C. Investigating the Subject through the Literature

Recent research on Autism Spectrum Disorder (ASD) has highlighted the crucial role of genetic variations in the development and clinical manifestations of this disorder. Various studies published on PubMed have explored the genes involved and provided valuable insights into how they influence the phenotypes observed in ASD.

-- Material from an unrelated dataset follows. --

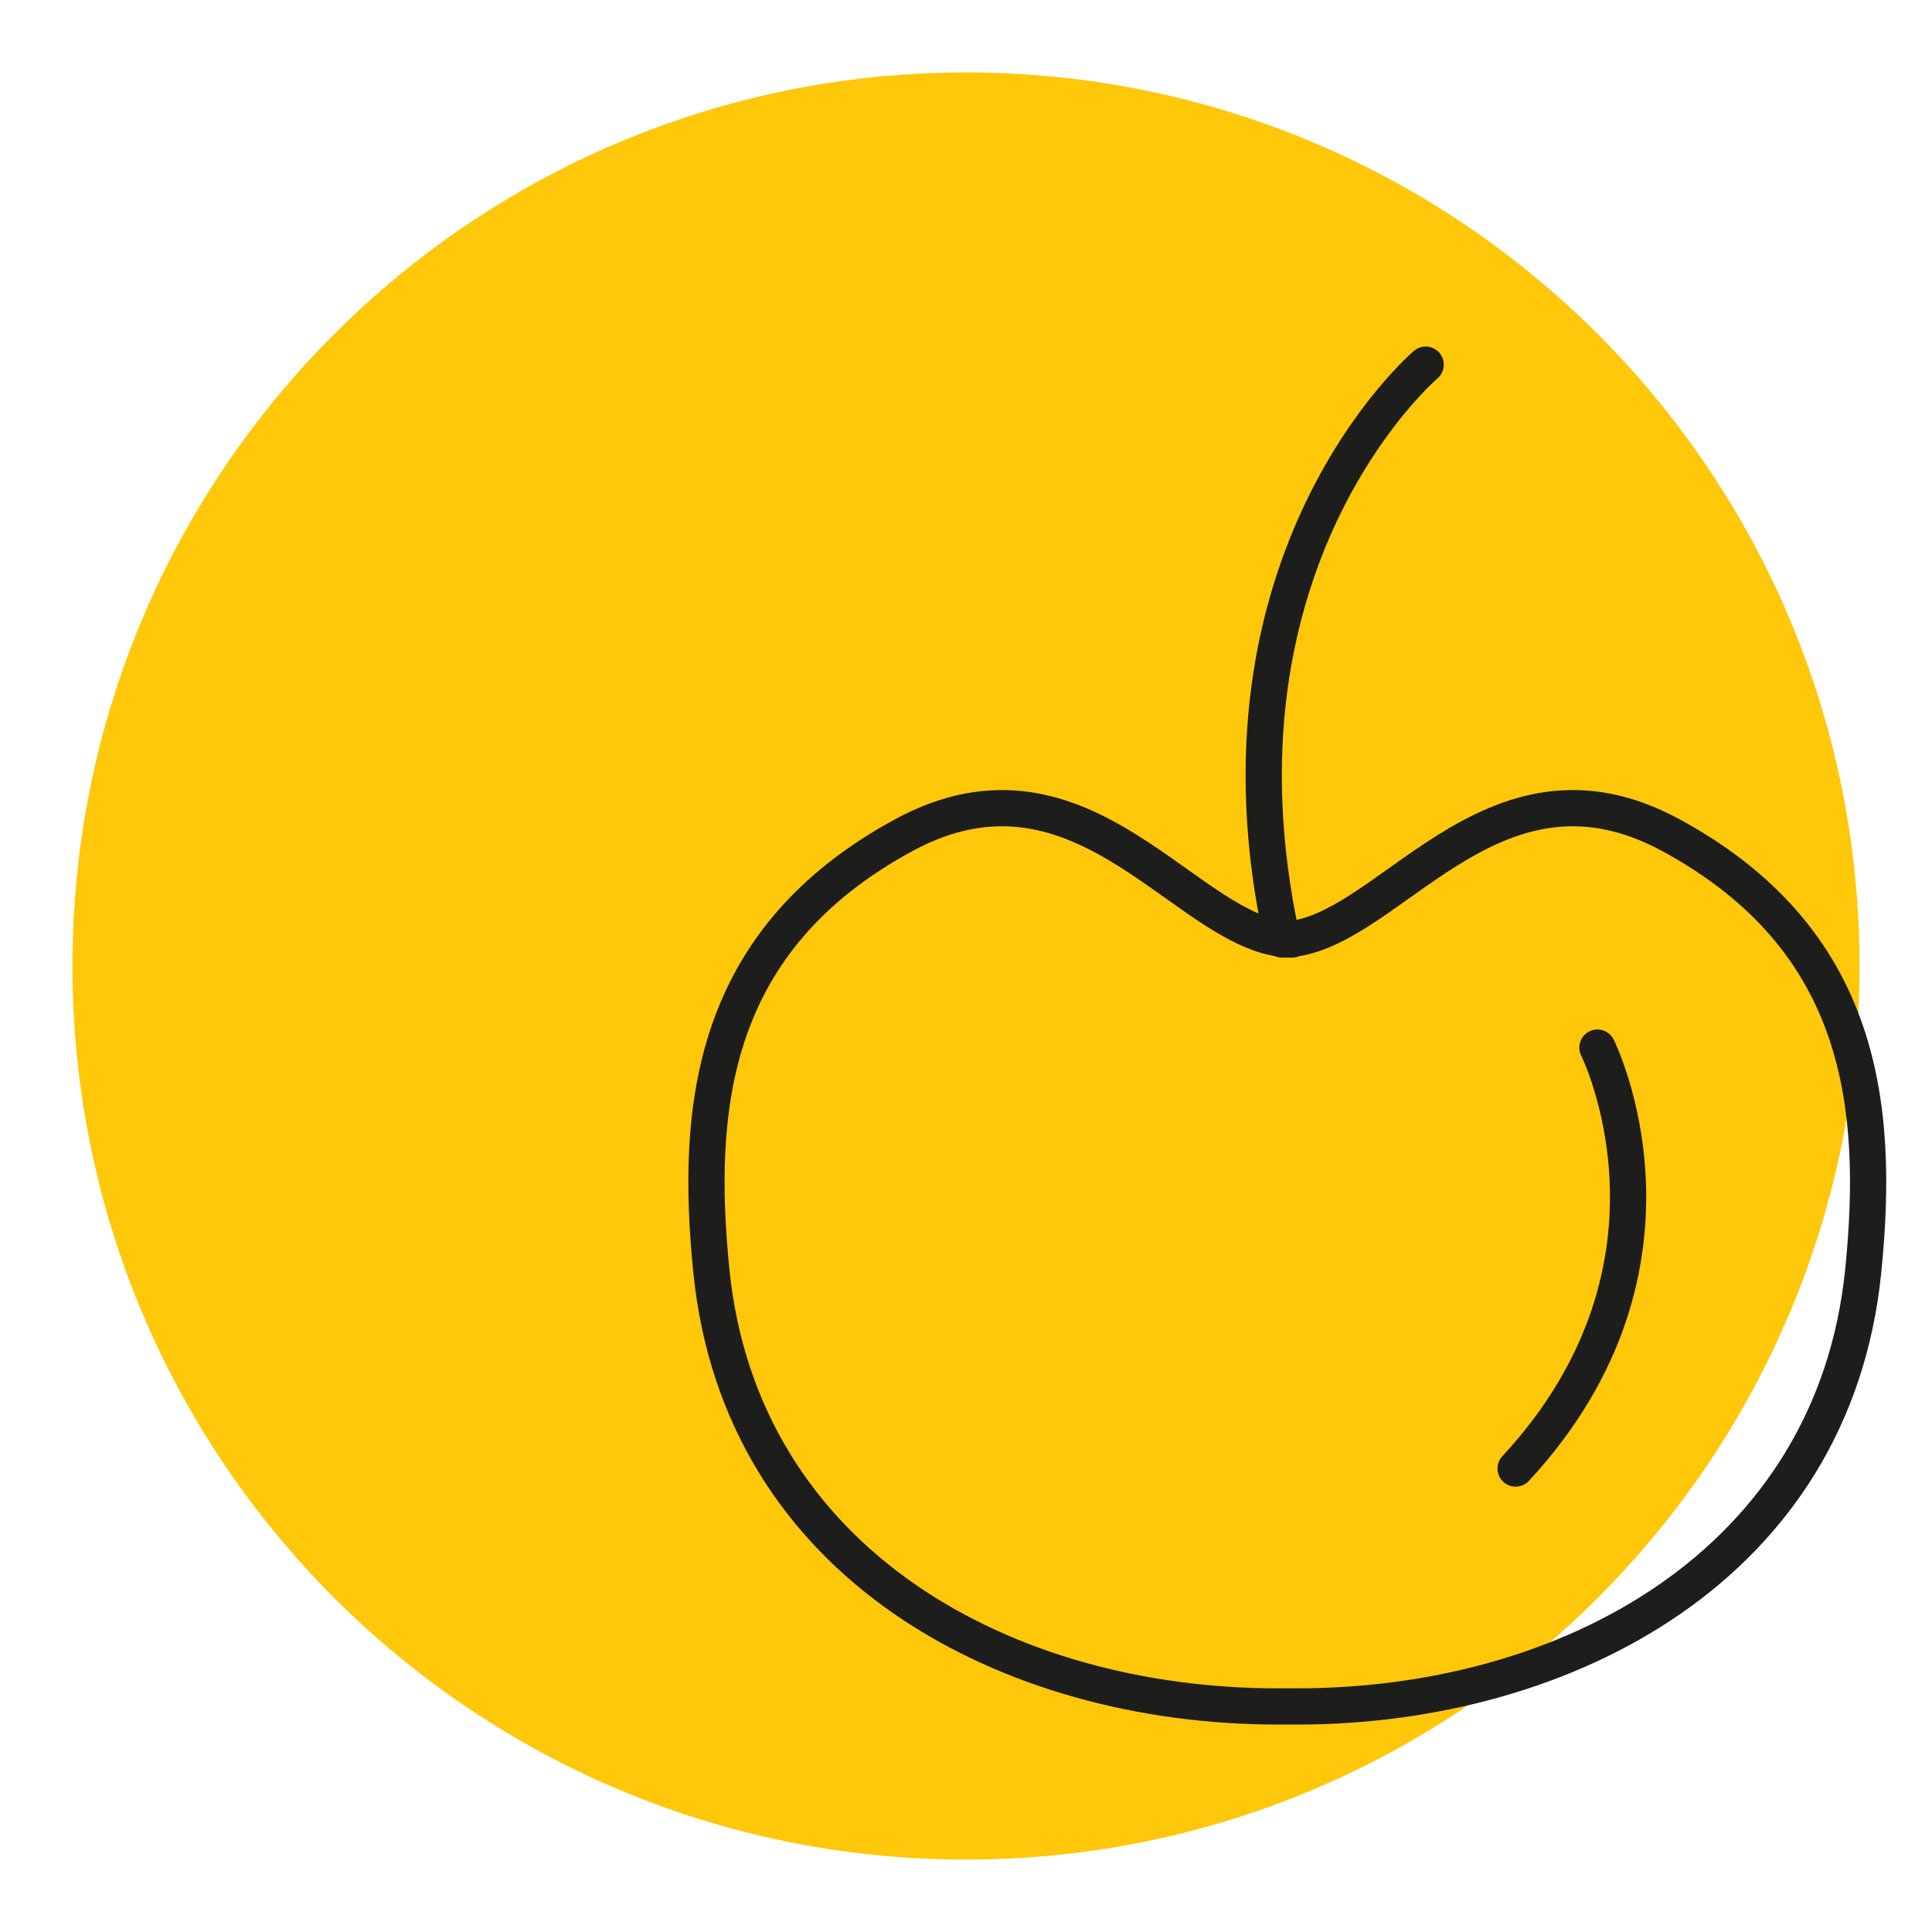 <?xml version="1.0" encoding="UTF-8"?> <svg xmlns="http://www.w3.org/2000/svg" width="152" height="152" viewBox="0 0 152 152" fill="none"> <path d="M75.999 146.3C114.825 146.3 146.299 114.826 146.299 76C146.299 37.174 114.825 5.7 75.999 5.7C37.174 5.7 5.699 37.174 5.699 76C5.699 114.826 37.174 146.3 75.999 146.3Z" fill="#FFC709"></path> <path fill-rule="evenodd" clip-rule="evenodd" d="M106.322 70.345C104.39 71.591 102.767 72.36 101.279 72.474C99.796 72.36 98.178 71.592 96.249 70.345C95.323 69.747 94.377 69.075 93.371 68.359L93.024 68.112C91.9 67.314 90.709 66.476 89.46 65.696C86.966 64.138 84.157 62.755 80.972 62.308C77.753 61.856 74.256 62.378 70.429 64.45C62.56 68.717 58.202 74.316 56.024 80.591C53.866 86.809 53.889 93.579 54.55 100.146C56.997 124.309 78.917 135.679 100.501 135.679H102.055C123.639 135.679 145.559 124.308 148.006 100.145C148.667 93.578 148.69 86.809 146.532 80.591C144.354 74.316 139.995 68.717 132.127 64.45C128.306 62.377 124.814 61.856 121.597 62.308C118.415 62.755 115.608 64.139 113.114 65.696C111.866 66.476 110.674 67.313 109.549 68.112L109.214 68.35C108.203 69.069 107.252 69.745 106.322 70.345ZM71.787 66.956C75.11 65.156 77.995 64.768 80.577 65.13C83.194 65.497 85.608 66.65 87.95 68.113C89.12 68.844 90.25 69.637 91.374 70.436L91.723 70.684C92.72 71.393 93.72 72.104 94.702 72.739C96.461 73.876 98.334 74.886 100.304 75.222L100.871 75.339H101.66C101.855 75.339 102.04 75.3 102.209 75.229C104.2 74.902 106.092 73.885 107.867 72.739C108.854 72.102 109.859 71.388 110.86 70.677L111.199 70.436C112.324 69.638 113.454 68.844 114.624 68.113C116.967 66.65 119.38 65.497 121.993 65.13C124.572 64.768 127.451 65.156 130.769 66.955C138.041 70.899 141.906 75.953 143.84 81.526C145.794 87.156 145.817 93.431 145.171 99.859C142.933 121.956 122.884 132.829 102.055 132.829H100.501C79.672 132.829 59.624 121.957 57.385 99.86C56.739 93.432 56.762 87.157 58.716 81.526C60.65 75.953 64.515 70.9 71.787 66.956Z" fill="#1D1D1B"></path> <path fill-rule="evenodd" clip-rule="evenodd" d="M113.089 29.774L113.085 29.778L113.057 29.802C113.03 29.826 112.987 29.864 112.929 29.917C112.814 30.023 112.639 30.188 112.416 30.41C111.97 30.855 111.329 31.533 110.574 32.442C109.064 34.262 107.105 37.002 105.341 40.658C101.823 47.951 99.058 58.933 102.263 73.61C102.431 74.379 101.944 75.138 101.175 75.306C100.406 75.474 99.646 74.987 99.478 74.218C96.125 58.861 99.006 47.231 102.774 39.42C104.654 35.523 106.748 32.59 108.381 30.622C109.197 29.638 109.9 28.895 110.404 28.392C110.656 28.141 110.859 27.949 111.002 27.818C111.073 27.752 111.13 27.702 111.17 27.666L111.218 27.624L111.233 27.611L111.238 27.607L111.24 27.606C111.24 27.606 111.241 27.604 112.164 28.69L111.24 27.606C111.839 27.096 112.74 27.167 113.25 27.766C113.759 28.365 113.687 29.264 113.089 29.774Z" fill="#1D1D1B"></path> <path fill-rule="evenodd" clip-rule="evenodd" d="M125.04 81.147C125.743 80.794 126.6 81.079 126.952 81.783L125.678 82.421C126.952 81.783 126.952 81.783 126.952 81.783L126.954 81.787L126.956 81.791L126.964 81.806L126.987 81.854C127.006 81.895 127.033 81.951 127.066 82.023C127.132 82.168 127.223 82.376 127.333 82.642C127.551 83.174 127.84 83.942 128.136 84.911C128.728 86.846 129.352 89.596 129.487 92.873C129.759 99.457 128.054 108.125 120.287 116.506C119.752 117.083 118.851 117.118 118.273 116.583C117.696 116.048 117.662 115.146 118.197 114.569C125.373 106.824 126.885 98.933 126.64 92.991C126.516 90.004 125.947 87.499 125.411 85.744C125.143 84.868 124.884 84.183 124.696 83.723C124.601 83.493 124.525 83.32 124.474 83.208C124.448 83.152 124.429 83.111 124.417 83.086L124.404 83.061L124.403 83.058M125.04 81.147C124.336 81.499 124.052 82.354 124.403 83.058L125.04 81.147Z" fill="#1D1D1B"></path> </svg> 
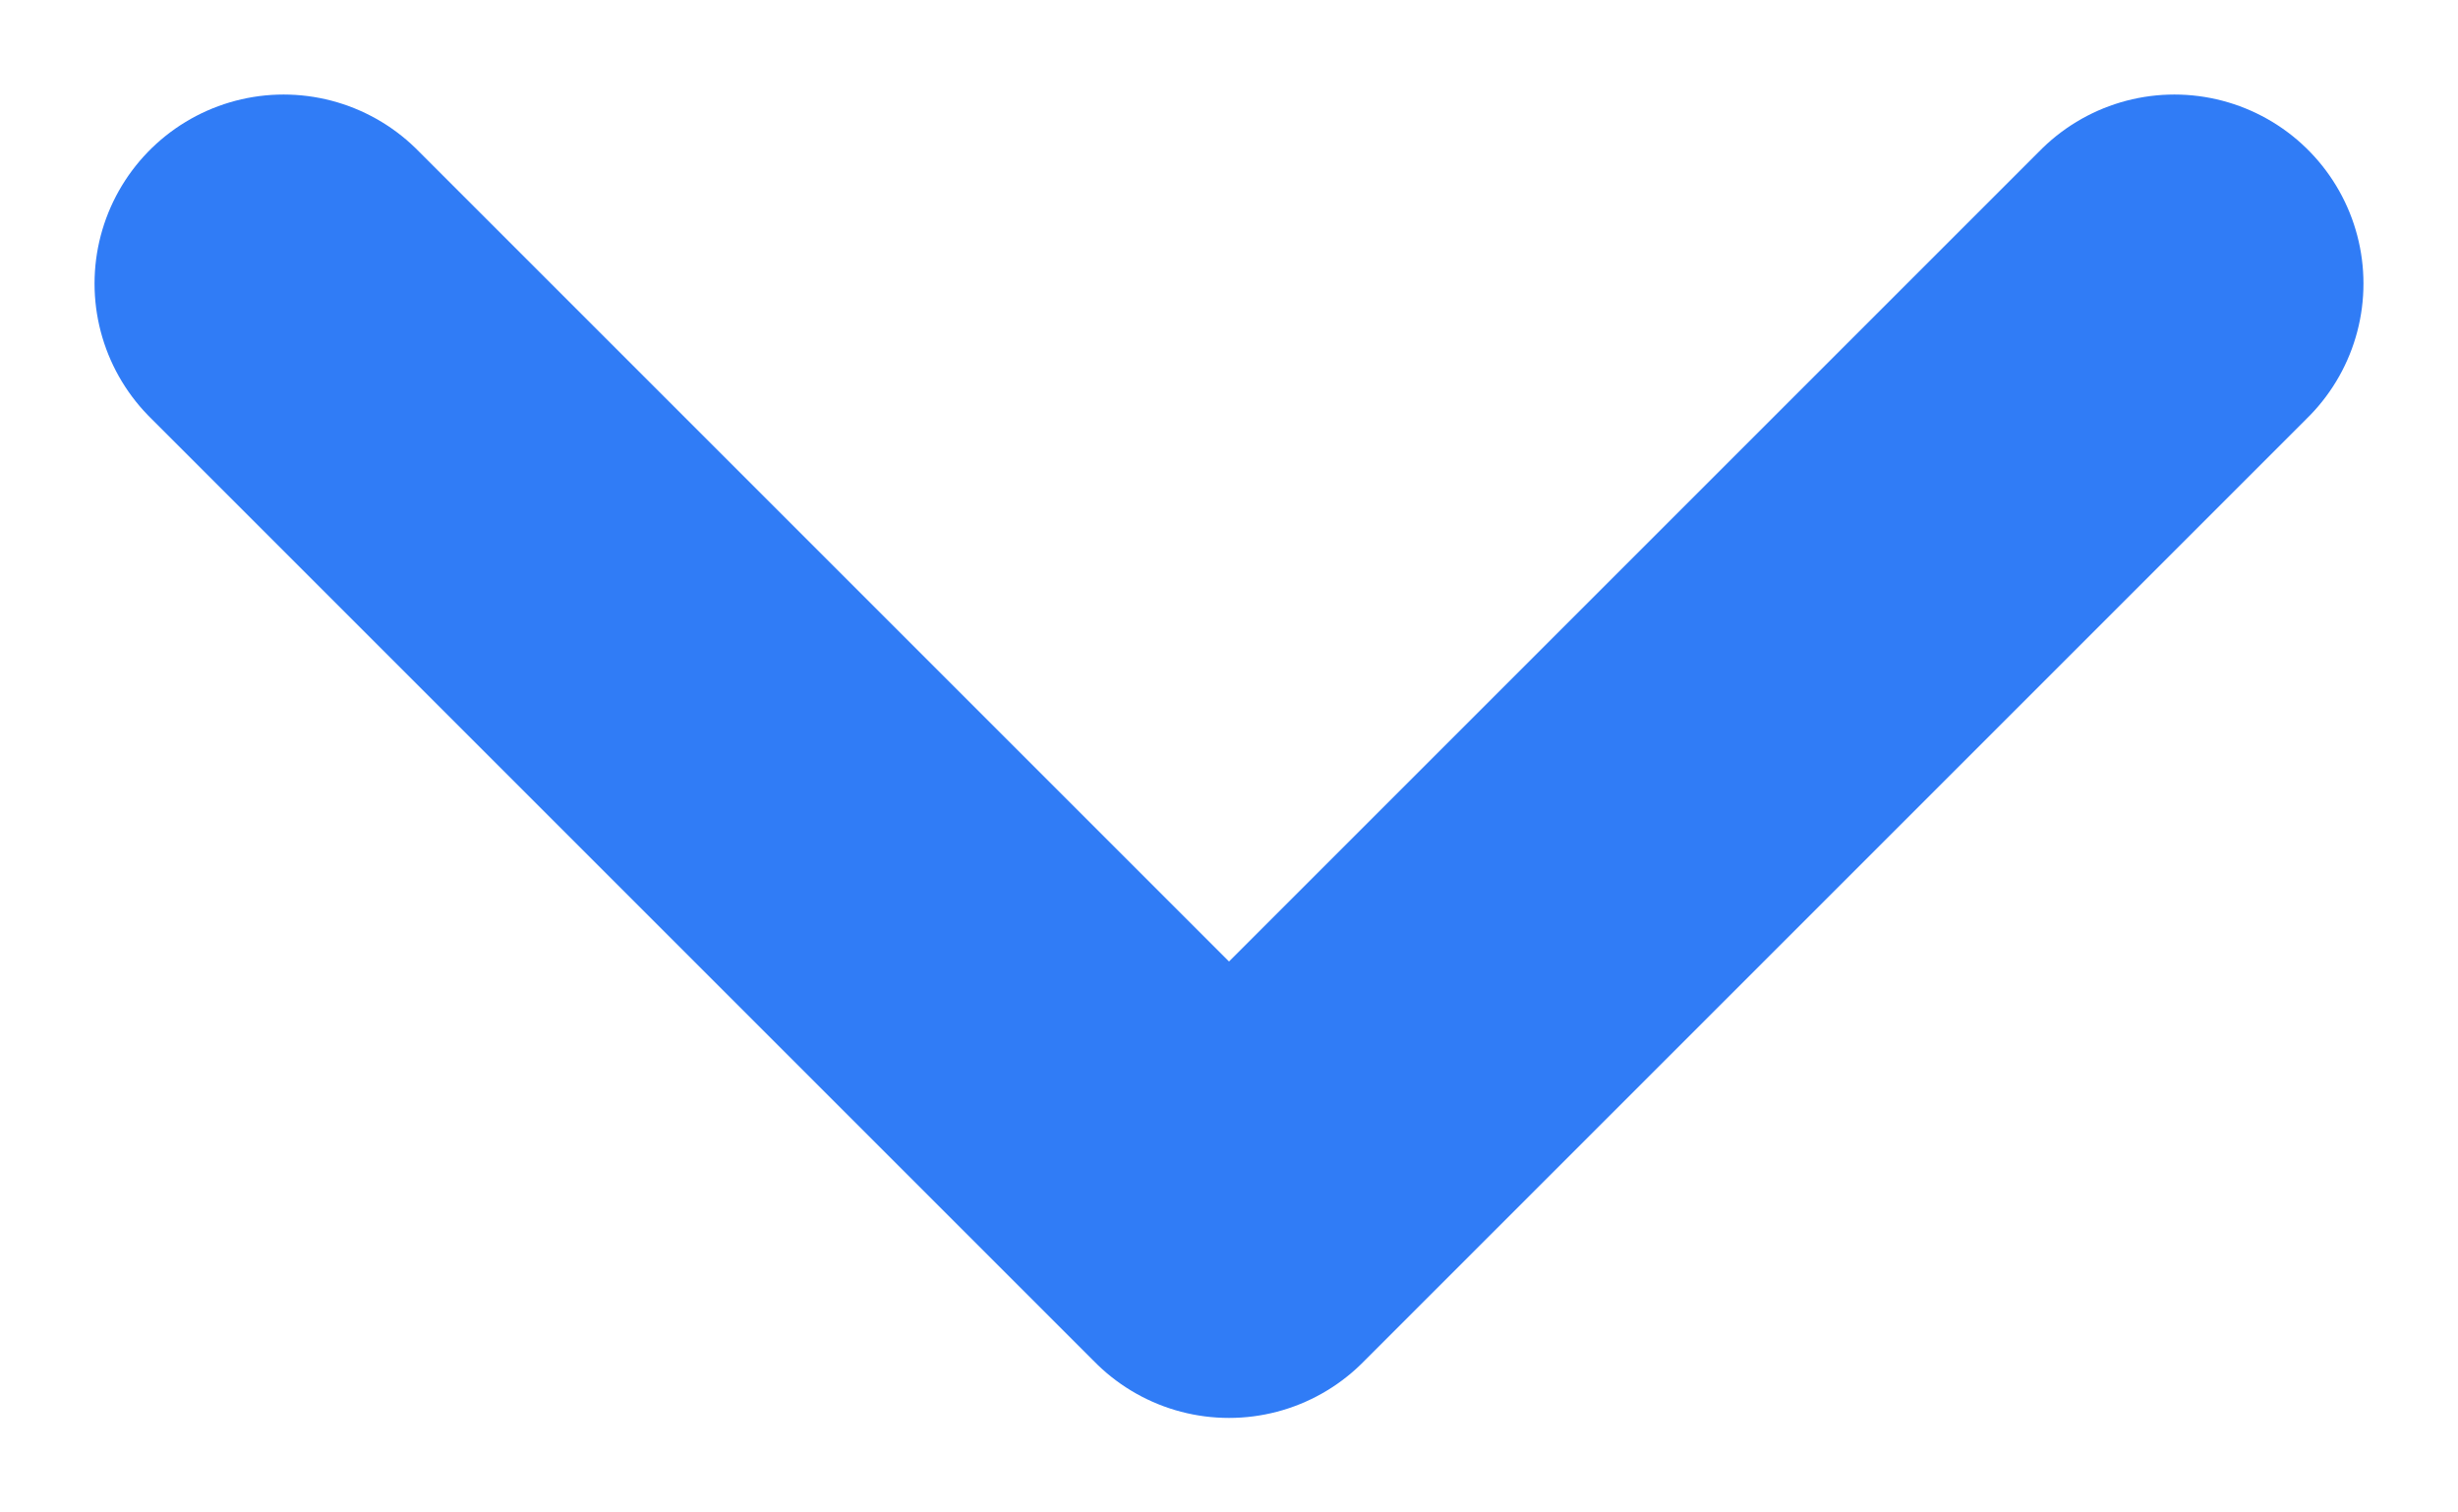 <?xml version="1.0" encoding="UTF-8"?> <svg xmlns="http://www.w3.org/2000/svg" width="13" height="8" viewBox="0 0 13 8" fill="none"><path d="M1.5 1.5L6.5 6.5L11.5 1.5" stroke="#307CF6" stroke-width="2" stroke-linecap="round" stroke-linejoin="round"></path></svg>

• Synaptic Adhesion Genes:
  Mutations in genes encoding synaptic adhesion proteins, such as NRXN1 and NLGN4, have been shown to result in more severe forms of ASD. These genes are essential for synapse formation and function, and their mutations can lead to severe synaptic dysfunctions, associated with pronounced cognitive and behavioral deficits【2】.
  

• Genes Implicated in Channelopathies: SCN2A and CACNA1C
  Genes encoding ion channel subunits, such as SCN2A and CACNA1C, are associated with severe autism and epilepsy phenotypes. These mutations affect neuronal excitability and synaptic transmission, contributing to complex and severe clinical manifestations【3】.
  

• Role of the CHD8 Gene: Chromatin Remodeling and Gene Expression
  A detailed study published in Nature Genetics suggests that de novo mutations in CHD8, a gene involved in chromatin remodeling, are associated with severe autism phenotypes, including intellectual disability and distinct physical features. CHD8 influences the expression of many genes related to brain development, and its mutations can lead to severe neurobiological dysfunctions【3】.
  
  • CHD8 and Phenotypic Severity:
    Variants in the CHD8 gene are linked to a more severe autism phenotype, characterized by intellectual disability and distinctive physical traits such as macrocephaly. This study emphasizes the involvement of CHD8 in chromatin remodeling, which influences neurodevelopmental outcomes and cognitive function.
    

• Synaptic Genes and Neuronal Communication:
  Synaptic genes such as SHANK3 and NRXN1 play an essential role in the formation and stability of synaptic connections. A study by Buxbaum et al. (2009), titled “Neuroligin mutations: Perturbing synapses in autism spectrum disorder”, discusses mutations in neuroligin genes and their impact on ASD. These genes are vital for proper synaptic function, and their variations are associated with deficits in neuronal communication.
  

• Immune System and Inflammation:
  Inflammation and immune responses have also been associated with ASD. An article by Ashwood et al. (2015), titled “Neuroinflammation and autism spectrum disorder”, explores the link between inflammation and ASD, discussing inflammatory cytokines such as IL6 and TNF. This study suggests that neuroinflammation may play a role in the behavioral manifestations of ASD.
  

• Genetic Variations and CNVs:
  Structural variations of DNA, such as those found on chromosome 16p11.2, are well-documented in the literature. A study by McClellan and King (2010), titled “Genomic analysis of mental retardation and autism: Overlapping causes”, published in the New England Journal of Medicine, analyzes the impact of such variations on ASD risk.
  

• Metabolism and Energy Homeostasis:
  Genes involved in metabolism, such as MTOR, have been analyzed in a study by Klann et al. (2015), titled “mTOR signaling in brain development and autism”, which explores the role of this signaling pathway in brain development and ASD. MTOR is critical for energy homeostasis and neuronal development, and disruptions in this pathway may contribute to the pathophysiology of ASD.
  

Special Part – Introduction

Autism Spectrum Disorder (ASD) encompasses a complex spectrum of both clinical and genetic presentations. Numerous publications—both medical and psychosocial—have reported atypical clinical cases when compared to the predominant phenotype observed in most patients diagnosed with ASD, namely those with above-average IQ. This thesis explores the link between two spectrums: the genetic and the phenotypic.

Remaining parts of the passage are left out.